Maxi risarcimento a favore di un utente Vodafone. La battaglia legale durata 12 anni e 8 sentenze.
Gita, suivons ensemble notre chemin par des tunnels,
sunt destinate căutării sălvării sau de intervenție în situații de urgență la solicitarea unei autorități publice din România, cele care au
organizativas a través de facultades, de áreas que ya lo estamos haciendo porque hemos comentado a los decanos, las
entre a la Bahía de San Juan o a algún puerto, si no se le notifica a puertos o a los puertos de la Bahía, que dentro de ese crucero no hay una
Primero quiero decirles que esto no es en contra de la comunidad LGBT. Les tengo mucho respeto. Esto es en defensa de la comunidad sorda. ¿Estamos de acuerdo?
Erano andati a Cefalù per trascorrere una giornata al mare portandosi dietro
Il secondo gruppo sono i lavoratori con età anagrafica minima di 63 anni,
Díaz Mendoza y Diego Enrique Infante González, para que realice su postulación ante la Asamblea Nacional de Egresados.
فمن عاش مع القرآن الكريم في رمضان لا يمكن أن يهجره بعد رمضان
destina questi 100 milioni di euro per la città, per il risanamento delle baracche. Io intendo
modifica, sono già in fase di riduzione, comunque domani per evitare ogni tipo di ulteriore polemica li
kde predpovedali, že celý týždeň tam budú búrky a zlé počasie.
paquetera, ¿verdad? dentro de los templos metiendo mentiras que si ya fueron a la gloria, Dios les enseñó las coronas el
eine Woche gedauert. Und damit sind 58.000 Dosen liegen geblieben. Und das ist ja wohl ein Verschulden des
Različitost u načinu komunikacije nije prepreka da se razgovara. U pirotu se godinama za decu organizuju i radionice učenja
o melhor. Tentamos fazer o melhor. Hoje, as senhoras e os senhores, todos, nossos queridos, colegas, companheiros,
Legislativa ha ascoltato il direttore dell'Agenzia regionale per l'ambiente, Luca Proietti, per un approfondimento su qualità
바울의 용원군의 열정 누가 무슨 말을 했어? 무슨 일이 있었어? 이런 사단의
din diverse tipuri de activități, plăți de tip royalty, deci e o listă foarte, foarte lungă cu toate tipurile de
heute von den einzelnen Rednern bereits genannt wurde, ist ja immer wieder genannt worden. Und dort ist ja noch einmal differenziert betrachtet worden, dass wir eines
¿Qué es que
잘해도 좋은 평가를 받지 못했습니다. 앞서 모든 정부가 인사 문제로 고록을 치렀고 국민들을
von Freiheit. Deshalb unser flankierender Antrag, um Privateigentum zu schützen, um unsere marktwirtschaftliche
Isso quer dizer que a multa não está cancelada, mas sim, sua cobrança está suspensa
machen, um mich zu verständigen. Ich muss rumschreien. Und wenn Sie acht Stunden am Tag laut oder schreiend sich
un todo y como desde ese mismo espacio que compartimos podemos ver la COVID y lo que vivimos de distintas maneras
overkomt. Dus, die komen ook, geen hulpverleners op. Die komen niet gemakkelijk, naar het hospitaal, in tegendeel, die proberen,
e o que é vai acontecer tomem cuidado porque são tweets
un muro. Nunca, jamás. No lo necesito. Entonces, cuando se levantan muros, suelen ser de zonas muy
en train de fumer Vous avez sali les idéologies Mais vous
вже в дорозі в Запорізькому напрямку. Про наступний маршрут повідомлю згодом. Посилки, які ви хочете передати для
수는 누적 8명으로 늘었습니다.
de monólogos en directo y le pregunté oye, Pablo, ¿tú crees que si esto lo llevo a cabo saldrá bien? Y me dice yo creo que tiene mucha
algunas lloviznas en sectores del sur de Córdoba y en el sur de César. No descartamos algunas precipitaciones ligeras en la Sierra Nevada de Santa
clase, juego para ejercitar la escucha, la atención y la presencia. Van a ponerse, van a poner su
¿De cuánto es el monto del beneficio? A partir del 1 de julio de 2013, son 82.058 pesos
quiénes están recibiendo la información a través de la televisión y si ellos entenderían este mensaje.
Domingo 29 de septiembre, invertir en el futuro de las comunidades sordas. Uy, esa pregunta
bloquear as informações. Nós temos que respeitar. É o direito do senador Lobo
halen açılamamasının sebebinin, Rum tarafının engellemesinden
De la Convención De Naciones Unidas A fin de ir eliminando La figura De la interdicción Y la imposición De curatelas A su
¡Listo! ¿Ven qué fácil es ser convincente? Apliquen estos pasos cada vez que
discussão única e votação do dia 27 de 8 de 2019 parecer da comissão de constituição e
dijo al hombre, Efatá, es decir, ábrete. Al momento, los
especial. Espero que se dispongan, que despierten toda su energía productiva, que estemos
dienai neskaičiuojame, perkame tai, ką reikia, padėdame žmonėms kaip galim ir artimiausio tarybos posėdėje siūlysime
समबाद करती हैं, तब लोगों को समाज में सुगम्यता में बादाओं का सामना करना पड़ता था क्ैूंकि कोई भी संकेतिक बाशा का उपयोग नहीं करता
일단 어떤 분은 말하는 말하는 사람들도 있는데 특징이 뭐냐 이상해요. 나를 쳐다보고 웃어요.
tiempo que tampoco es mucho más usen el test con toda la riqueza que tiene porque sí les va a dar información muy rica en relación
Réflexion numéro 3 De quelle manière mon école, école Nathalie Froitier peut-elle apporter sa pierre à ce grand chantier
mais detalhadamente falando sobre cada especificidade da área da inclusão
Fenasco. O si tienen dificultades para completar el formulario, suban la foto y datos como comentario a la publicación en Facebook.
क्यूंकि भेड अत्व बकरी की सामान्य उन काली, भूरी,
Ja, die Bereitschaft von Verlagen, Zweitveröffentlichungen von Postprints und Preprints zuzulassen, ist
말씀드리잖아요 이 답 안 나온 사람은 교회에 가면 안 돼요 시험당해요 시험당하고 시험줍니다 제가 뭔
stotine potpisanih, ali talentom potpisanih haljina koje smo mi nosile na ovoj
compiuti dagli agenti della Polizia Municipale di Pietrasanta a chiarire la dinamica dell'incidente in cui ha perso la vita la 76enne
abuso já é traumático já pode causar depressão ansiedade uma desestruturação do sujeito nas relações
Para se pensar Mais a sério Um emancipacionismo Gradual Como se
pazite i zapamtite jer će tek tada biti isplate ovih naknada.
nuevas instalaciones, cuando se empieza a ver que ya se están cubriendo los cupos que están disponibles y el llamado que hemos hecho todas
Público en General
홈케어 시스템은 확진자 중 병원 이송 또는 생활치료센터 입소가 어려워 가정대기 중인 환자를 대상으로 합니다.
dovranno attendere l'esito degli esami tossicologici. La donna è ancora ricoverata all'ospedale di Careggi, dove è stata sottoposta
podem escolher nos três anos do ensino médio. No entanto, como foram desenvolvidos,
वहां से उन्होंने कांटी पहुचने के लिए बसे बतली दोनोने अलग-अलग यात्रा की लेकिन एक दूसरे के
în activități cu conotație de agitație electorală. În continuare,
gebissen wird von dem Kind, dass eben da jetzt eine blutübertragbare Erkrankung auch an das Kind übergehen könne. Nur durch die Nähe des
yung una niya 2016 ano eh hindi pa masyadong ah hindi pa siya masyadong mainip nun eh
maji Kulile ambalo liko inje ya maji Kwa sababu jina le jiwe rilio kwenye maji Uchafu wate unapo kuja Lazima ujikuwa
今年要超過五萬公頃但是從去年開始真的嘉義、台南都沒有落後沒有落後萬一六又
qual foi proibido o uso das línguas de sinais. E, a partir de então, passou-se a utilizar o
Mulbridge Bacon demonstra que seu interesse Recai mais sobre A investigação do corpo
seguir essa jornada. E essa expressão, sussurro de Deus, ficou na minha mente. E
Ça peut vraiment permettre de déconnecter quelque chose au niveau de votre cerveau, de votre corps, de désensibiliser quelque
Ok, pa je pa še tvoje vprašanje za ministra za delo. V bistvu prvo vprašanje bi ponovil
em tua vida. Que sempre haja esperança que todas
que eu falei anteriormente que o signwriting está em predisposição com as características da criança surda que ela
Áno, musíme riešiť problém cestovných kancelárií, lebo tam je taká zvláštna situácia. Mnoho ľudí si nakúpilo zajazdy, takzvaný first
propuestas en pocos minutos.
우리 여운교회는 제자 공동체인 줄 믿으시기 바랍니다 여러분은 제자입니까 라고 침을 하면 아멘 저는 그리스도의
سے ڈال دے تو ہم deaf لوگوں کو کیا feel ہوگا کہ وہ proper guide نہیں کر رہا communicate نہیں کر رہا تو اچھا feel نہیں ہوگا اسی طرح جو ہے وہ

============

Repeat, word for word, the lines from the start of the records to the line that contains "فمن عاش مع القرآن", both of them included, and no others.

» SOLUTION:
Maxi risarcimento a favore di un utente Vodafone. La battaglia legale durata 12 anni e 8 sentenze.
Gita, suivons ensemble notre chemin par des tunnels,
sunt destinate căutării sălvării sau de intervenție în situații de urgență la solicitarea unei autorități publice din România, cele care au
organizativas a través de facultades, de áreas que ya lo estamos haciendo porque hemos comentado a los decanos, las
entre a la Bahía de San Juan o a algún puerto, si no se le notifica a puertos o a los puertos de la Bahía, que dentro de ese crucero no hay una
Primero quiero decirles que esto no es en contra de la comunidad LGBT. Les tengo mucho respeto. Esto es en defensa de la comunidad sorda. ¿Estamos de acuerdo?
Erano andati a Cefalù per trascorrere una giornata al mare portandosi dietro
Il secondo gruppo sono i lavoratori con età anagrafica minima di 63 anni,
Díaz Mendoza y Diego Enrique Infante González, para que realice su postulación ante la Asamblea Nacional de Egresados.
فمن عاش مع القرآن الكريم في رمضان لا يمكن أن يهجره بعد رمضان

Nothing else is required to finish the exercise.